Famed NBA Trainer Tim Grover Says Brandon Ingram’s Rapid Weight Gain Might Be ‘Dangerous’

When the Ben Simmons-Brandon Ingram debate raged before the NBA Draft, it was clear the top two prospects of the 2016 class were a study in contrasts. At his best, Simmons could be a transcendent player who redefines a position. Ingram, on the other hand, has a clear template to follow in Kevin Durant. Simmons has multifaceted concerns like his inability to shoot and his inconsistent effort, and Ingram has a big one: He’s really skinny, maybe upsettingly so. Even with a massive weight gain in college, he’s got a long way to go before he looks like he has an NBA body.

However, it no longer seems that Ingram will continue bulking up at such a rapid pace now that he’s a Los Angeles Laker, primarily because it’s unsafe to do so. Tim Grover, a longtime NBA trainer who’s worked with Michael Jordan and Kobe Bryant, outlined the problem with skinny prospects trying to fill out all at once to ESPN’s Baxter Holmes:

“That’s how they’re going to fail in the NBA,” Grover says. “[Weight gain should be] a slow process. These are basketball players. These aren’t body builders. They move. They perform. They have to perform out there. So they know how their body feels. You can’t just pack all this amount of weight on there and expect them to still be able to have the shooting touch and move the same way.”

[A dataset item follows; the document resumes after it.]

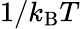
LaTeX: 1/k_{\mathrm{{B}}}T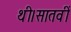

Throughout his Duke career and leading up to the draft, ESPN reports that Ingram was eating 5,000 to 6,000 calories per day spread across six meals. He described the constant gorging as “sickening,” and if it sounds like heaven to you, wait until you have to do it for a year.

To their credit, the Lakers seem like they are content to let Ingram follow the Durant timeline, with gradual weight gain year to year. Head coach Luke Walton said, “He’s young. He’ll grow into it,” and GM Mitch Kupchak insisted the process would happen “naturally.”